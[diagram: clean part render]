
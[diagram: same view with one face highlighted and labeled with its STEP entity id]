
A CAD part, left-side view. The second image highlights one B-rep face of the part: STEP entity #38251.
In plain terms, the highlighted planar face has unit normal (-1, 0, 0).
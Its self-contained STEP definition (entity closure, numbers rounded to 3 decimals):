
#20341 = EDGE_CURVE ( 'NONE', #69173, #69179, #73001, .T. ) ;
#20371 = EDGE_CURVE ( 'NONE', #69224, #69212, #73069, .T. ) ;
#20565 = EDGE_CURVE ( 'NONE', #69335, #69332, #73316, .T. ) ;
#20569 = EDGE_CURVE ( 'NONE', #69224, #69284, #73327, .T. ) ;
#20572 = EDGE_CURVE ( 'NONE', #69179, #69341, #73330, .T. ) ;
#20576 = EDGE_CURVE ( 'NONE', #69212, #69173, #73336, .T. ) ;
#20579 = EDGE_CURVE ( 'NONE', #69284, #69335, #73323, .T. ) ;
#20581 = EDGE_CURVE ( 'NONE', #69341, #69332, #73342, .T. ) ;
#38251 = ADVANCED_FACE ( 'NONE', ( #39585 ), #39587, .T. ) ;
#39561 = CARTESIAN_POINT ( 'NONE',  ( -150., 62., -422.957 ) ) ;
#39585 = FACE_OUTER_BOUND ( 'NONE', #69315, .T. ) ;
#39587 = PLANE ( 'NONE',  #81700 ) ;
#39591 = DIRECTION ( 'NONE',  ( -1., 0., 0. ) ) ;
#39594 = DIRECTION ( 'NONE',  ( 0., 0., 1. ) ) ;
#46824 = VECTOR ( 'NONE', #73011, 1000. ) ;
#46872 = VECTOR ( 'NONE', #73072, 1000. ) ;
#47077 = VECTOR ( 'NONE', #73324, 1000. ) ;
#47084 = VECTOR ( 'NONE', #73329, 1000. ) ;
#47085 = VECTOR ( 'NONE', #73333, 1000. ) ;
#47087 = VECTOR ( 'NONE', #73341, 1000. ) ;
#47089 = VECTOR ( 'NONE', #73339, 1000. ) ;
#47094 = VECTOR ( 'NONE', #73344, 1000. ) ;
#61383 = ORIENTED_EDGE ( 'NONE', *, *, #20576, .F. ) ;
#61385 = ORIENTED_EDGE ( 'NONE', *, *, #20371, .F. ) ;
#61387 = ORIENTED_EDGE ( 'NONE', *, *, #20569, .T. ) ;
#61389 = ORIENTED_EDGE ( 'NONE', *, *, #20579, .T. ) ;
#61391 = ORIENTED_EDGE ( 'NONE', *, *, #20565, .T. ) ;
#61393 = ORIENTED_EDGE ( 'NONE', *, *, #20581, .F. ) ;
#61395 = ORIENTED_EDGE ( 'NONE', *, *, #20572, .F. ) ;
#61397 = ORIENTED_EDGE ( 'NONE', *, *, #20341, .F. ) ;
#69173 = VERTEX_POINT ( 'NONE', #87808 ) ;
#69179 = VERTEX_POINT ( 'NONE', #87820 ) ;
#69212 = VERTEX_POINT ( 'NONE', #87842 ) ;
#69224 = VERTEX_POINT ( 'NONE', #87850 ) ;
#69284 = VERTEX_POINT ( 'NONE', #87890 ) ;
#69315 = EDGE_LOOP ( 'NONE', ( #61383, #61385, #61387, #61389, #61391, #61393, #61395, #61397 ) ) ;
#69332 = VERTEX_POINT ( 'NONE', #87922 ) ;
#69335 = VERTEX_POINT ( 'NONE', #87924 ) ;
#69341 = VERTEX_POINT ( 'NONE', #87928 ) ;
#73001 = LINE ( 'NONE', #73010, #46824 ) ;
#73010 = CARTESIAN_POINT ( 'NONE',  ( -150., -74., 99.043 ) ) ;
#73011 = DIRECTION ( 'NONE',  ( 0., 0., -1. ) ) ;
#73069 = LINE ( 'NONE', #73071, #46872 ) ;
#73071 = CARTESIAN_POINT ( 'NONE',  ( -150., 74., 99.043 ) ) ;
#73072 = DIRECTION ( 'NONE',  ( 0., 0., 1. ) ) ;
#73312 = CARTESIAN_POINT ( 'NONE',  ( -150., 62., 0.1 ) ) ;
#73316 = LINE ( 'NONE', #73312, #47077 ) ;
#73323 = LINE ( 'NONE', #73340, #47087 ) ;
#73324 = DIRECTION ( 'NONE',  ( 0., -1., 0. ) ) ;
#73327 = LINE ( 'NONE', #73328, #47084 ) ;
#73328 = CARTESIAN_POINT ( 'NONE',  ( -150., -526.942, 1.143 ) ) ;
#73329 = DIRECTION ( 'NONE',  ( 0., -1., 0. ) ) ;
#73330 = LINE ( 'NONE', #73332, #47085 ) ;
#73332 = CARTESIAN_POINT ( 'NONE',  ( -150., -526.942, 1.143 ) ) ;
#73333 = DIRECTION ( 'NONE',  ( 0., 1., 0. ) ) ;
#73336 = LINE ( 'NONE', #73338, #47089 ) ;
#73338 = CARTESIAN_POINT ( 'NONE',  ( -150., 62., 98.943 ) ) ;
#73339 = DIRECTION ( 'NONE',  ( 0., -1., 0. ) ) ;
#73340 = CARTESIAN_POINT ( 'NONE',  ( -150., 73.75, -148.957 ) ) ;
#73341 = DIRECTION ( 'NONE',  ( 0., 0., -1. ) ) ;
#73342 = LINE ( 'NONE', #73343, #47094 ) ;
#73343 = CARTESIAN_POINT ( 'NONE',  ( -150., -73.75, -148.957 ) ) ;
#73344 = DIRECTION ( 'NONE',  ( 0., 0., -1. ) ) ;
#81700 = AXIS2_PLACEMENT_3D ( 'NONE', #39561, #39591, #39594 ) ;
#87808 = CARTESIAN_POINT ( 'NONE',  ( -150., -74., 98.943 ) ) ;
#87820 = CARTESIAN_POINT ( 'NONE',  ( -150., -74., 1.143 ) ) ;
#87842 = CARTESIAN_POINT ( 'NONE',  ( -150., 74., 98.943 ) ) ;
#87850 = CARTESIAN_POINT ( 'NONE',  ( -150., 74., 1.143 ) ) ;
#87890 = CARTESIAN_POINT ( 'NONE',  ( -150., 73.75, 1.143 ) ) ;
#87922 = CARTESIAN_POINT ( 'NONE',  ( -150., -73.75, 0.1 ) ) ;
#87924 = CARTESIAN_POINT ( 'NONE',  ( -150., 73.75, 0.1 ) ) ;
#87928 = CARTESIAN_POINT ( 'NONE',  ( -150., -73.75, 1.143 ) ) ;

● Problem statement: All of the records need to be transcribed exactly.

● Expected answer:
[diagram: clean part render]
[diagram: same view with one face highlighted and labeled with its STEP entity id]
A CAD part, left-side view. The second image highlights one B-rep face of the part: STEP entity #38251.
In plain terms, the highlighted planar face has unit normal (-1, 0, 0).
Its self-contained STEP definition (entity closure, numbers rounded to 3 decimals):
#20341 = EDGE_CURVE ( 'NONE', #69173, #69179, #73001, .T. ) ;
#20371 = EDGE_CURVE ( 'NONE', #69224, #69212, #73069, .T. ) ;
#20565 = EDGE_CURVE ( 'NONE', #69335, #69332, #73316, .T. ) ;
#20569 = EDGE_CURVE ( 'NONE', #69224, #69284, #73327, .T. ) ;
#20572 = EDGE_CURVE ( 'NONE', #69179, #69341, #73330, .T. ) ;
#20576 = EDGE_CURVE ( 'NONE', #69212, #69173, #73336, .T. ) ;
#20579 = EDGE_CURVE ( 'NONE', #69284, #69335, #73323, .T. ) ;
#20581 = EDGE_CURVE ( 'NONE', #69341, #69332, #73342, .T. ) ;
#38251 = ADVANCED_FACE ( 'NONE', ( #39585 ), #39587, .T. ) ;
#39561 = CARTESIAN_POINT ( 'NONE',  ( -150., 62., -422.957 ) ) ;
#39585 = FACE_OUTER_BOUND ( 'NONE', #69315, .T. ) ;
#39587 = PLANE ( 'NONE',  #81700 ) ;
#39591 = DIRECTION ( 'NONE',  ( -1., 0., 0. ) ) ;
#39594 = DIRECTION ( 'NONE',  ( 0., 0., 1. ) ) ;
#46824 = VECTOR ( 'NONE', #73011, 1000. ) ;
#46872 = VECTOR ( 'NONE', #73072, 1000. ) ;
#47077 = VECTOR ( 'NONE', #73324, 1000. ) ;
#47084 = VECTOR ( 'NONE', #73329, 1000. ) ;
#47085 = VECTOR ( 'NONE', #73333, 1000. ) ;
#47087 = VECTOR ( 'NONE', #73341, 1000. ) ;
#47089 = VECTOR ( 'NONE', #73339, 1000. ) ;
#47094 = VECTOR ( 'NONE', #73344, 1000. ) ;
#61383 = ORIENTED_EDGE ( 'NONE', *, *, #20576, .F. ) ;
#61385 = ORIENTED_EDGE ( 'NONE', *, *, #20371, .F. ) ;
#61387 = ORIENTED_EDGE ( 'NONE', *, *, #20569, .T. ) ;
#61389 = ORIENTED_EDGE ( 'NONE', *, *, #20579, .T. ) ;
#61391 = ORIENTED_EDGE ( 'NONE', *, *, #20565, .T. ) ;
#61393 = ORIENTED_EDGE ( 'NONE', *, *, #20581, .F. ) ;
#61395 = ORIENTED_EDGE ( 'NONE', *, *, #20572, .F. ) ;
#61397 = ORIENTED_EDGE ( 'NONE', *, *, #20341, .F. ) ;
#69173 = VERTEX_POINT ( 'NONE', #87808 ) ;
#69179 = VERTEX_POINT ( 'NONE', #87820 ) ;
#69212 = VERTEX_POINT ( 'NONE', #87842 ) ;
#69224 = VERTEX_POINT ( 'NONE', #87850 ) ;
#69284 = VERTEX_POINT ( 'NONE', #87890 ) ;
#69315 = EDGE_LOOP ( 'NONE', ( #61383, #61385, #61387, #61389, #61391, #61393, #61395, #61397 ) ) ;
#69332 = VERTEX_POINT ( 'NONE', #87922 ) ;
#69335 = VERTEX_POINT ( 'NONE', #87924 ) ;
#69341 = VERTEX_POINT ( 'NONE', #87928 ) ;
#73001 = LINE ( 'NONE', #73010, #46824 ) ;
#73010 = CARTESIAN_POINT ( 'NONE',  ( -150., -74., 99.043 ) ) ;
#73011 = DIRECTION ( 'NONE',  ( 0., 0., -1. ) ) ;
#73069 = LINE ( 'NONE', #73071, #46872 ) ;
#73071 = CARTESIAN_POINT ( 'NONE',  ( -150., 74., 99.043 ) ) ;
#73072 = DIRECTION ( 'NONE',  ( 0., 0., 1. ) ) ;
#73312 = CARTESIAN_POINT ( 'NONE',  ( -150., 62., 0.1 ) ) ;
#73316 = LINE ( 'NONE', #73312, #47077 ) ;
#73323 = LINE ( 'NONE', #73340, #47087 ) ;
#73324 = DIRECTION ( 'NONE',  ( 0., -1., 0. ) ) ;
#73327 = LINE ( 'NONE', #73328, #47084 ) ;
#73328 = CARTESIAN_POINT ( 'NONE',  ( -150., -526.942, 1.143 ) ) ;
#73329 = DIRECTION ( 'NONE',  ( 0., -1., 0. ) ) ;
#73330 = LINE ( 'NONE', #73332, #47085 ) ;
#73332 = CARTESIAN_POINT ( 'NONE',  ( -150., -526.942, 1.143 ) ) ;
#73333 = DIRECTION ( 'NONE',  ( 0., 1., 0. ) ) ;
#73336 = LINE ( 'NONE', #73338, #47089 ) ;
#73338 = CARTESIAN_POINT ( 'NONE',  ( -150., 62., 98.943 ) ) ;
#73339 = DIRECTION ( 'NONE',  ( 0., -1., 0. ) ) ;
#73340 = CARTESIAN_POINT ( 'NONE',  ( -150., 73.75, -148.957 ) ) ;
#73341 = DIRECTION ( 'NONE',  ( 0., 0., -1. ) ) ;
#73342 = LINE ( 'NONE', #73343, #47094 ) ;
#73343 = CARTESIAN_POINT ( 'NONE',  ( -150., -73.75, -148.957 ) ) ;
#73344 = DIRECTION ( 'NONE',  ( 0., 0., -1. ) ) ;
#81700 = AXIS2_PLACEMENT_3D ( 'NONE', #39561, #39591, #39594 ) ;
#87808 = CARTESIAN_POINT ( 'NONE',  ( -150., -74., 98.943 ) ) ;
#87820 = CARTESIAN_POINT ( 'NONE',  ( -150., -74., 1.143 ) ) ;
#87842 = CARTESIAN_POINT ( 'NONE',  ( -150., 74., 98.943 ) ) ;
#87850 = CARTESIAN_POINT ( 'NONE',  ( -150., 74., 1.143 ) ) ;
#87890 = CARTESIAN_POINT ( 'NONE',  ( -150., 73.75, 1.143 ) ) ;
#87922 = CARTESIAN_POINT ( 'NONE',  ( -150., -73.75, 0.1 ) ) ;
#87924 = CARTESIAN_POINT ( 'NONE',  ( -150., 73.75, 0.1 ) ) ;
#87928 = CARTESIAN_POINT ( 'NONE',  ( -150., -73.75, 1.143 ) ) ;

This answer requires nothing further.